Clark, who took over for the late Michael Weiner, has fielded plenty of questions.
“Michael was not only a friend, he was my mentor,” said the first ex-player to hold the position. “He was someone that as an active player I leaned on ... I came on board because of his vision for the organization and he believed in it. I believed in what he was hoping to accomplish as executive director.
“The idea that I’m here now is hard for me to swallow from the standpoint of expecting to be in Michael’s hip pocket for 15 to 20 years. Do I enjoy being around players? Yes. Do I enjoy the feeling when I put my head down at the end of the day that I’ve had a chance to impact active guys? Yes. Do I enjoy it? I don’t know. I’m humbled by it.”
We had not seen Clark since Tucson, Az. in 2006 at the Diamondbacks spring training. And now twice in three days.
We’d gone to Tucson for a story on ex-Blue Jay Orlando Hudson.
“Look at this,” Hudson screamed behind the batting cage to Shawn Green, Carlos Tosca, Jay Bell and Clark. “This guy came all the way from Toronto to write a story on ME!”
He told Conor Jackson, Orlando [El Duque] Hernandez and Stephen Drew the same.
Ah, I drove 115 miles after the World Baseball Classic ended in Phoenix.
“No matter, it’s too hot, let’s go to the clubhouse, we’ll talk, it’s air conditioned, I’ll make you a sandwich,” said Hudson.
No, you’ll get fined in kangaroo court.
At his new position, Clark is surrounded by good people in 6-foot-6 Dave Winfield, the Hall of Famer, and former Montreal Expos ace Steve Rogers at 6-foot-2.

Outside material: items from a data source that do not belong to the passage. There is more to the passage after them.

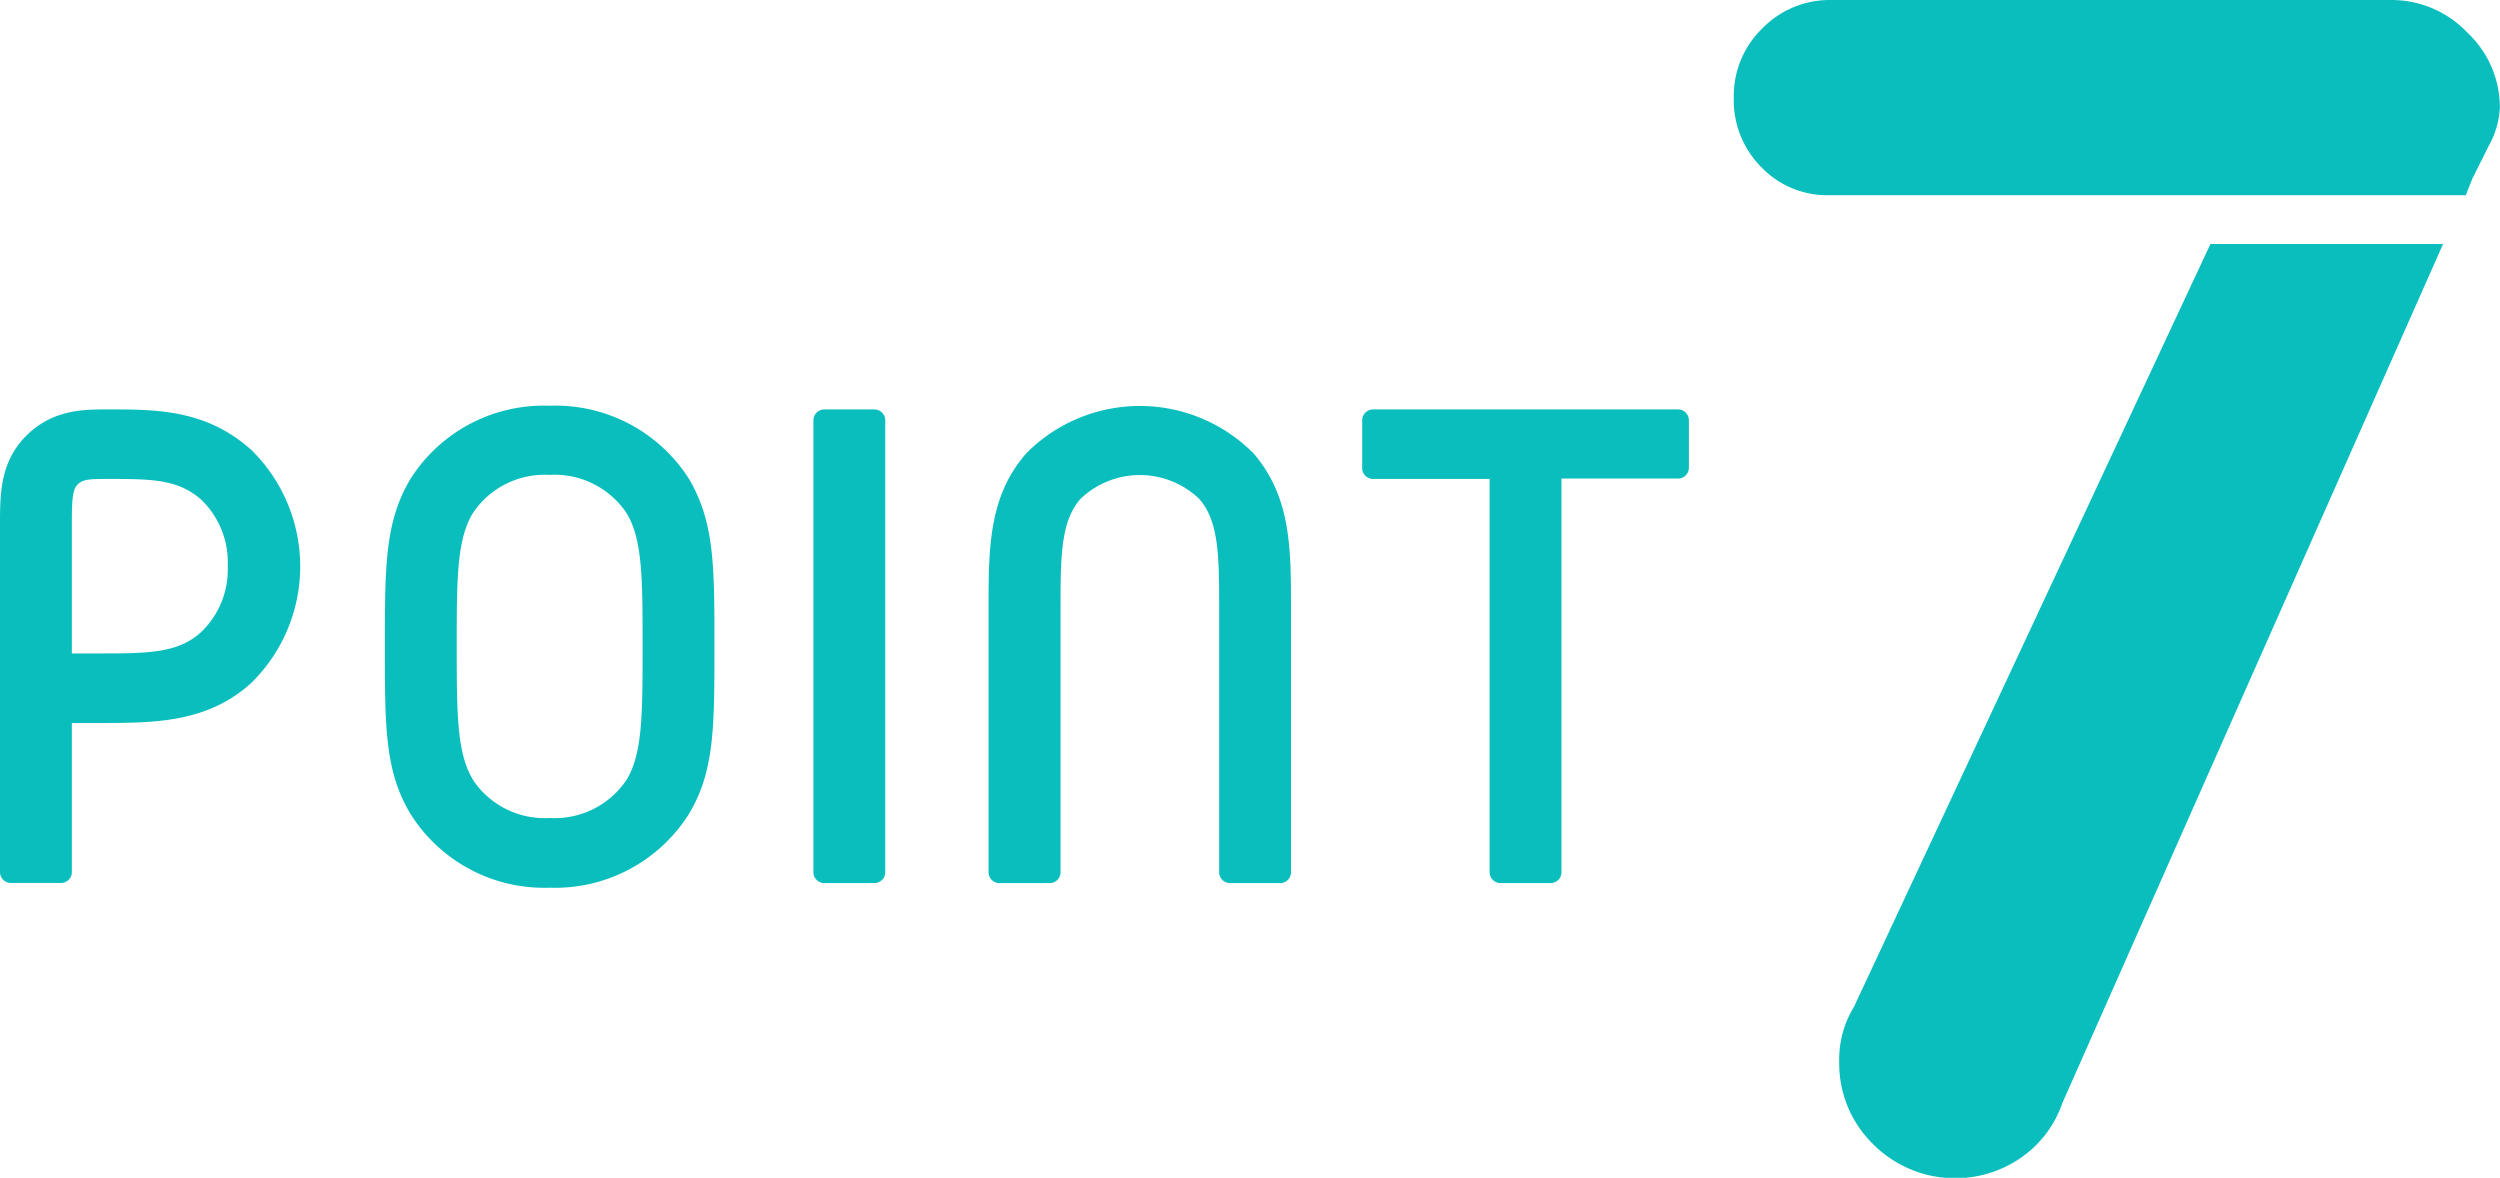 <svg xmlns="http://www.w3.org/2000/svg" viewBox="0 0 184.41 86.88"><defs><style>.cls-1,.cls-2{fill:#0abebe;}.cls-2{stroke:#0abebe;stroke-linecap:round;stroke-linejoin:round;stroke-width:1.6px;}</style></defs><g id="Layer_2" data-name="Layer 2"><g id="文字"><path class="cls-1" d="M181.89,14.4h-47a6.75,6.75,0,0,1-5-2.1,7,7,0,0,1-2-5.1,6.94,6.94,0,0,1,2.1-5.1A6.94,6.94,0,0,1,135,0h41.4A7.72,7.72,0,0,1,182,2.4a7.59,7.59,0,0,1,2.4,5.52,6.32,6.32,0,0,1-.78,2.76l-1.26,2.52ZM163.05,18h17.16L152.13,81.36a8.11,8.11,0,0,1-3,4,8.54,8.54,0,0,1-11-1,8.29,8.29,0,0,1-2.46-6,7.39,7.39,0,0,1,1.08-4.08Z"/><path class="cls-2" d="M18,33.78a11.24,11.24,0,0,1,0,16c-3,2.75-6.75,2.75-10.7,2.75H4.5v11.8H.8V38.78c0-2.4,0-4.6,2-6.35C4.45,31,6.3,31,8,31,11.45,31,14.9,31,18,33.78ZM5.35,35c-.85.65-.85,1.75-.85,3.8V49H7.25c3.7,0,6.15,0,8.1-1.76a7.19,7.19,0,0,0,2.25-5.5,7.19,7.19,0,0,0-2.25-5.5C13.4,34.53,11.2,34.53,8,34.53,6.65,34.53,6,34.53,5.35,35Z"/><path class="cls-2" d="M31,35.68a10.84,10.84,0,0,1,9.54-4.95,10.87,10.87,0,0,1,9.56,4.95c1.8,3,1.8,6.1,1.8,12s0,9.06-1.8,12a10.87,10.87,0,0,1-9.56,5,10.84,10.84,0,0,1-9.54-5c-1.81-2.95-1.81-6.11-1.81-12S29.2,38.63,31,35.68Zm3.2,22.26a7.16,7.16,0,0,0,6.34,3.2,7.18,7.18,0,0,0,6.36-3.2c1.3-2.15,1.3-5.15,1.3-10.26s0-8.1-1.3-10.25a7.18,7.18,0,0,0-6.36-3.2,7.16,7.16,0,0,0-6.34,3.2c-1.31,2.15-1.31,5.15-1.31,10.25S32.9,55.79,34.21,57.94Z"/><path class="cls-2" d="M64.5,64.34H60.8V31h3.7Z"/><path class="cls-2" d="M91.83,33.93c2.6,3,2.6,6.55,2.6,11.06V64.34h-3.7V45c0-4.06,0-6.86-1.7-8.76a7.13,7.13,0,0,0-9.9,0c-1.7,1.9-1.7,4.7-1.7,8.76V64.34H73.72V45c0-4.51,0-8.11,2.61-11.06a11,11,0,0,1,15.5,0Z"/><path class="cls-2" d="M123.78,31v3.5h-9.4V64.34h-3.7V34.53h-9.4V31Z"/></g></g></svg>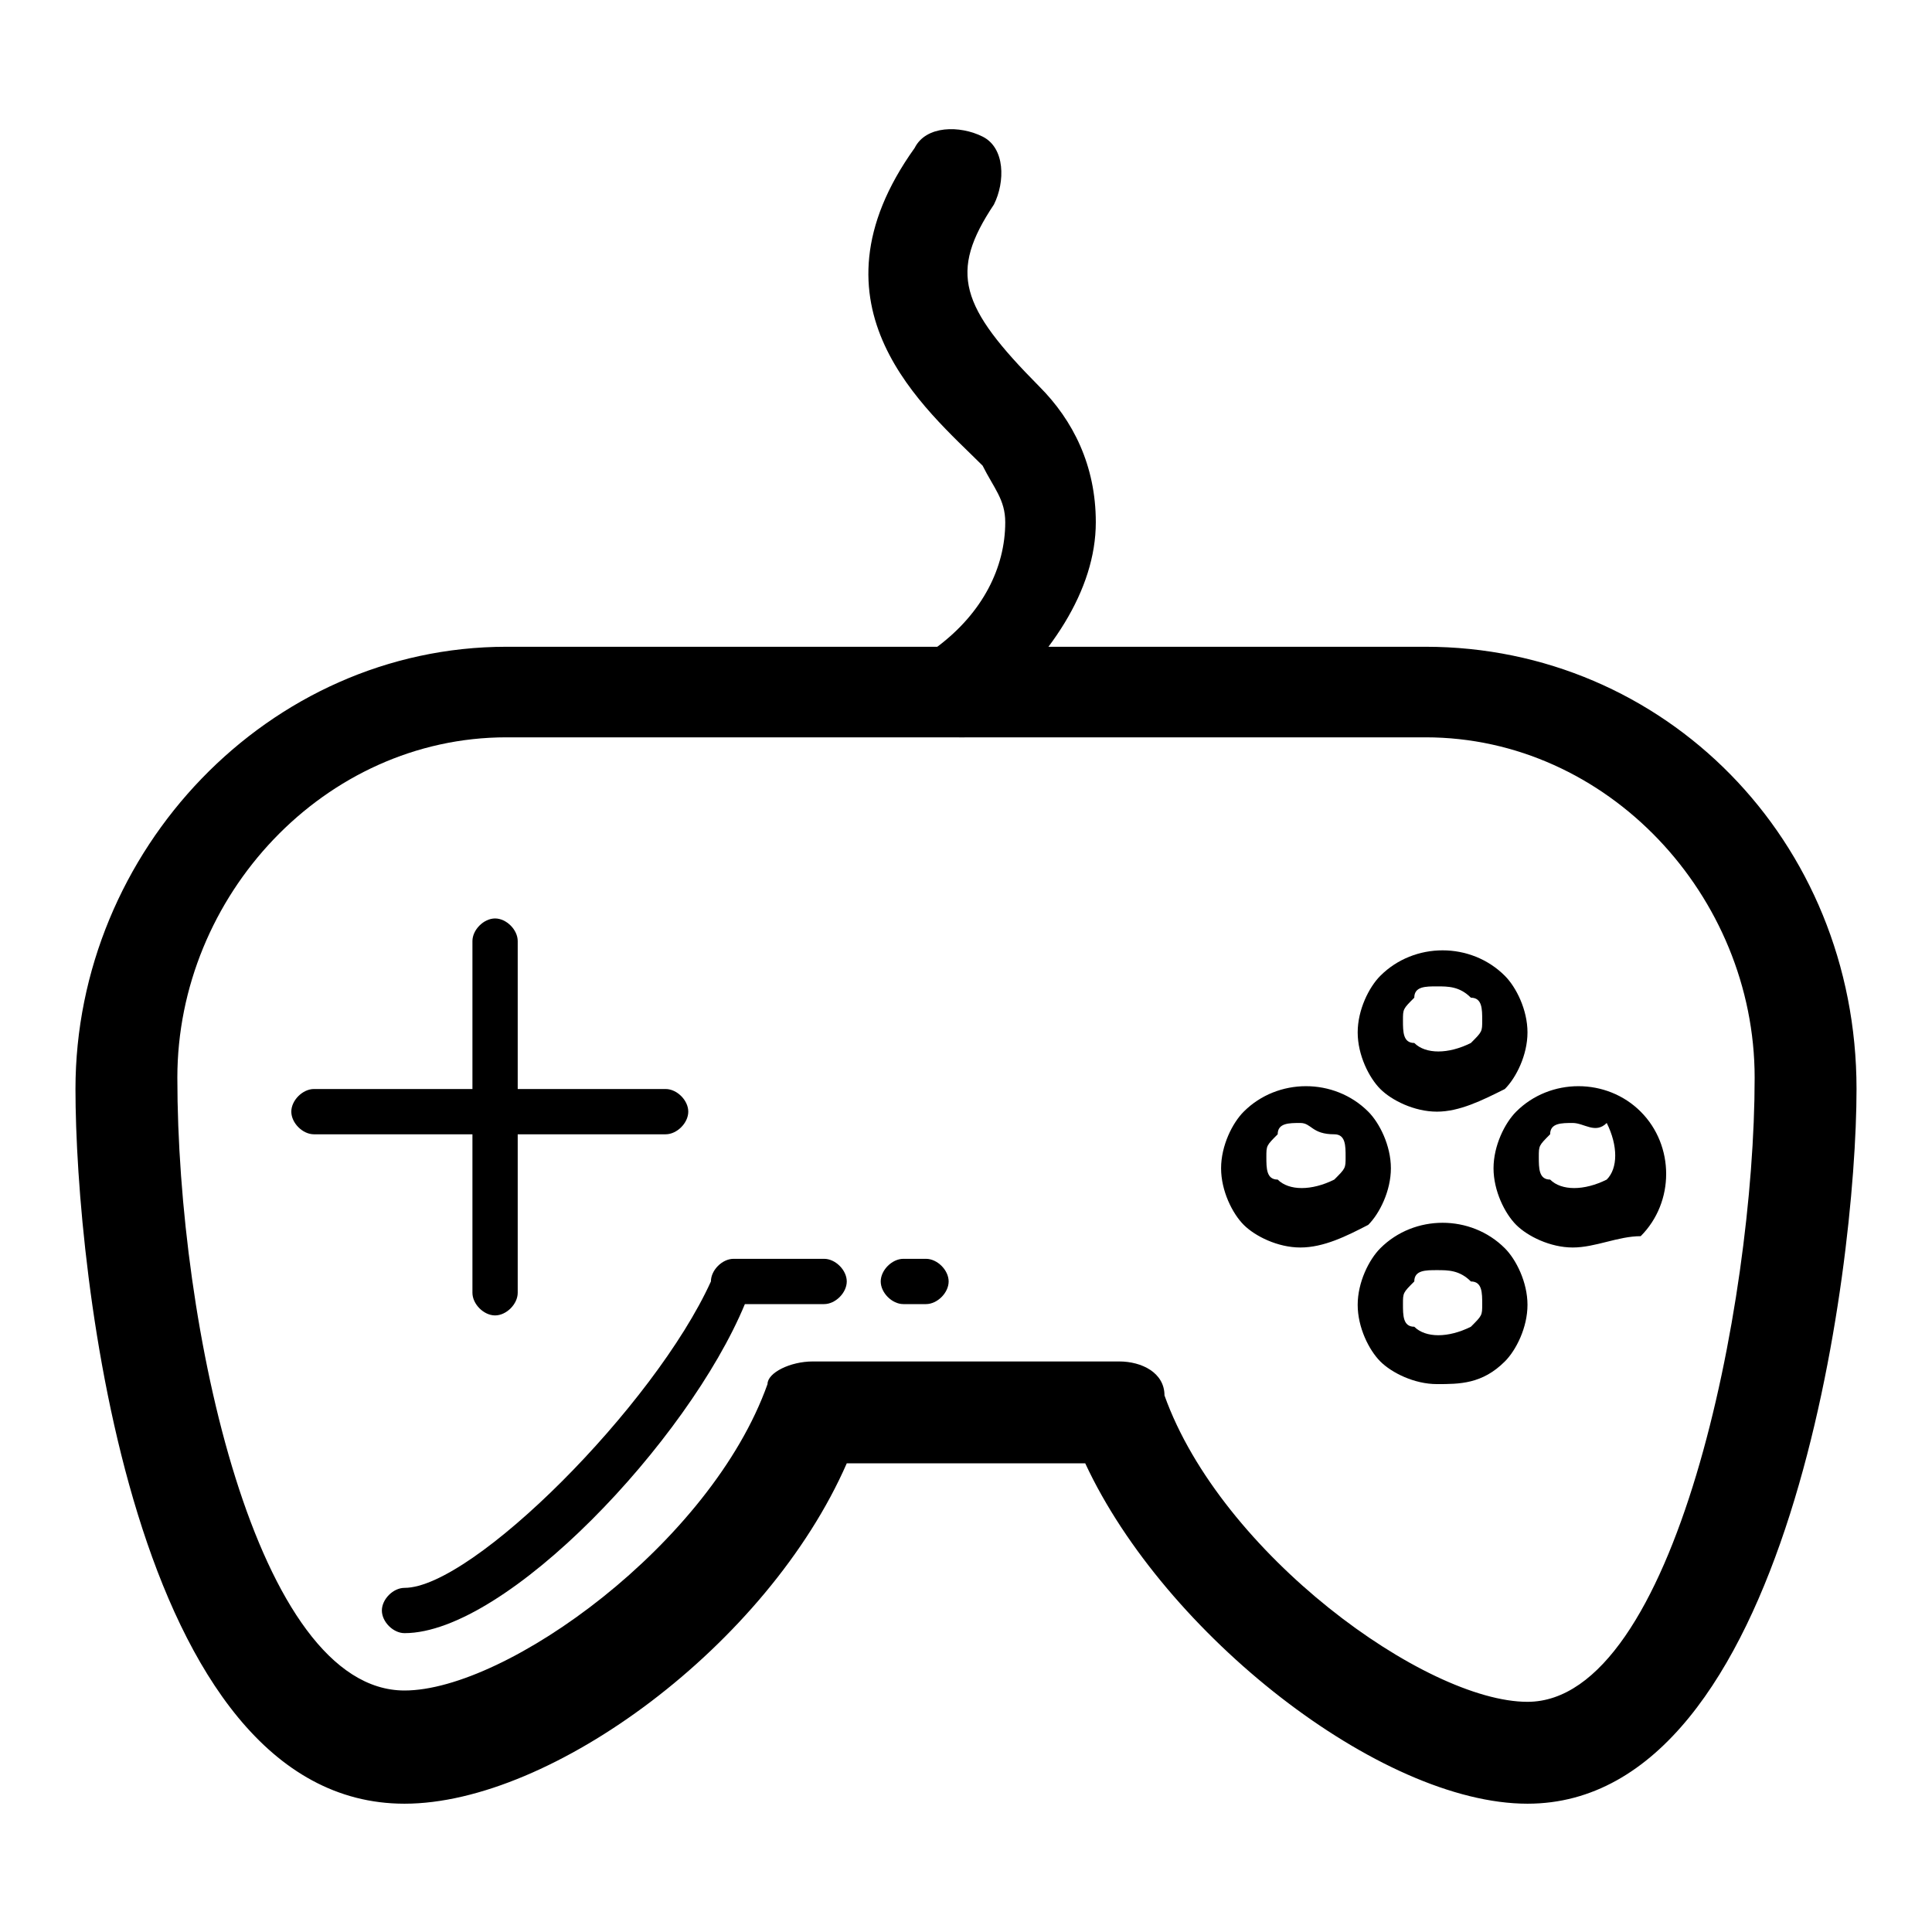 <?xml version="1.0" encoding="utf-8"?>
<!-- Svg Vector Icons : http://www.onlinewebfonts.com/icon -->
<!DOCTYPE svg PUBLIC "-//W3C//DTD SVG 1.1//EN" "http://www.w3.org/Graphics/SVG/1.1/DTD/svg11.dtd">
<svg version="1.1" xmlns="http://www.w3.org/2000/svg" xmlns:xlink="http://www.w3.org/1999/xlink" x="0px" y="0px" viewBox="0 0 256 256" enable-background="new 0 0 256 256" xml:space="preserve">
<g> <path fill="#000000" d="M202.4,239c-19.5,0-48.1-22.5-58.6-45.1h-31.6C101.7,217.9,73.1,239,53.6,239C17.5,239,10,168.3,10,144.3 c0-31.6,25.6-58.6,57.1-58.6h121.8c31.6,0,57.1,25.6,57.1,58.6C246,168.3,237,239,202.4,239z M107.7,180.4h40.6c3,0,6,1.5,6,4.5 c7.5,21,34.6,40.6,48.1,40.6c19.5,0,30.1-52.6,30.1-82.7c0-24.1-19.5-45.1-43.6-45.1H67.1c-24.1,0-43.6,21-43.6,45.1 c0,33.1,10.5,81.2,30.1,81.2c13.5,0,40.6-19.5,48.1-40.6C101.7,181.9,104.7,180.4,107.7,180.4L107.7,180.4z"/> <path fill="#000000" d="M122.7,172.8h-3c-1.5,0-3-1.5-3-3c0-1.5,1.5-3,3-3h3c1.5,0,3,1.5,3,3C125.7,171.3,124.2,172.8,122.7,172.8z  M53.6,216.4c-1.5,0-3-1.5-3-3c0-1.5,1.5-3,3-3c9,0,33.1-24.1,40.6-40.6c0-1.5,1.5-3,3-3h12c1.5,0,3,1.5,3,3c0,1.5-1.5,3-3,3H98.7 C91.2,190.9,67.1,216.4,53.6,216.4L53.6,216.4z M127.2,97.7c-1.5,0-4.5-1.5-4.5-3c-3-3-1.5-7.5,1.5-9c6-4.5,9-10.5,9-16.5 c0-3-1.5-4.5-3-7.5c-7.5-7.5-24.1-21-9-42.1c1.5-3,6-3,9-1.5c3,1.5,3,6,1.5,9c-6,9-4.5,13.5,6,24.1c4.5,4.5,7.5,10.5,7.5,18 c0,9-6,18-15,25.6C130.3,97.7,128.8,97.7,127.2,97.7L127.2,97.7z M65.6,174.3c-1.5,0-3-1.5-3-3v-46.6c0-1.5,1.5-3,3-3s3,1.5,3,3 v46.6C68.6,172.8,67.1,174.3,65.6,174.3z"/> <path fill="#000000" d="M88.2,150.3H41.6c-1.5,0-3-1.5-3-3c0-1.5,1.5-3,3-3h46.6c1.5,0,3,1.5,3,3C91.2,148.8,89.7,150.3,88.2,150.3 z"/> <path fill="#000000" d="M190.4,147.3c-3,0-6-1.5-7.5-3c-1.5-1.5-3-4.5-3-7.5c0-3,1.5-6,3-7.5c4.5-4.5,12-4.5,16.5,0 c1.5,1.5,3,4.5,3,7.5c0,3-1.5,6-3,7.5C196.4,145.8,193.4,147.3,190.4,147.3z M190.4,130.7c-1.5,0-3,0-3,1.5c-1.5,1.5-1.5,1.5-1.5,3 s0,3,1.5,3c1.5,1.5,4.5,1.5,7.5,0c1.5-1.5,1.5-1.5,1.5-3s0-3-1.5-3C193.4,130.7,191.9,130.7,190.4,130.7z M208.4,165.3 c-3,0-6-1.5-7.5-3c-1.5-1.5-3-4.5-3-7.5c0-3,1.5-6,3-7.5c4.5-4.5,12-4.5,16.5,0c4.5,4.5,4.5,12,0,16.5 C214.4,163.8,211.4,165.3,208.4,165.3L208.4,165.3z M208.4,148.8c-1.5,0-3,0-3,1.5c-1.5,1.5-1.5,1.5-1.5,3c0,1.5,0,3,1.5,3 c1.5,1.5,4.5,1.5,7.5,0c1.5-1.5,1.5-4.5,0-7.5C211.4,150.3,209.9,148.8,208.4,148.8z M172.3,165.3c-3,0-6-1.5-7.5-3 c-1.5-1.5-3-4.5-3-7.5c0-3,1.5-6,3-7.5c4.5-4.5,12-4.5,16.5,0c1.5,1.5,3,4.5,3,7.5c0,3-1.5,6-3,7.5 C178.4,163.8,175.4,165.3,172.3,165.3z M172.3,148.8c-1.5,0-3,0-3,1.5c-1.5,1.5-1.5,1.5-1.5,3c0,1.5,0,3,1.5,3 c1.5,1.5,4.5,1.5,7.5,0c1.5-1.5,1.5-1.5,1.5-3c0-1.5,0-3-1.5-3C173.8,150.3,173.8,148.8,172.3,148.8z M190.4,183.4 c-3,0-6-1.5-7.5-3c-1.5-1.5-3-4.5-3-7.5c0-3,1.5-6,3-7.5c4.5-4.5,12-4.5,16.5,0c1.5,1.5,3,4.5,3,7.5c0,3-1.5,6-3,7.5 C196.4,183.4,193.4,183.4,190.4,183.4z M190.4,168.3c-1.5,0-3,0-3,1.5c-1.5,1.5-1.5,1.5-1.5,3c0,1.5,0,3,1.5,3 c1.5,1.5,4.5,1.5,7.5,0c1.5-1.5,1.5-1.5,1.5-3c0-1.5,0-3-1.5-3C193.4,168.3,191.9,168.3,190.4,168.3z"/></g>
</svg>

Having been around long enough to see the fiery Marvin Miller, Donald Fehr, who used words we did not comprehend (union execs Tom Glavine and Paul Molitor served as our de-coder rings) and down-to-earth Weiner, we can make a comparison.
He is ex player who has the same eloquent charisma over a crowd as his mentor Weiner.
Clark did not make Cooperstown as a player, but the impetus the village gave him has him in position to guide the ship of those few headed to upstate New York.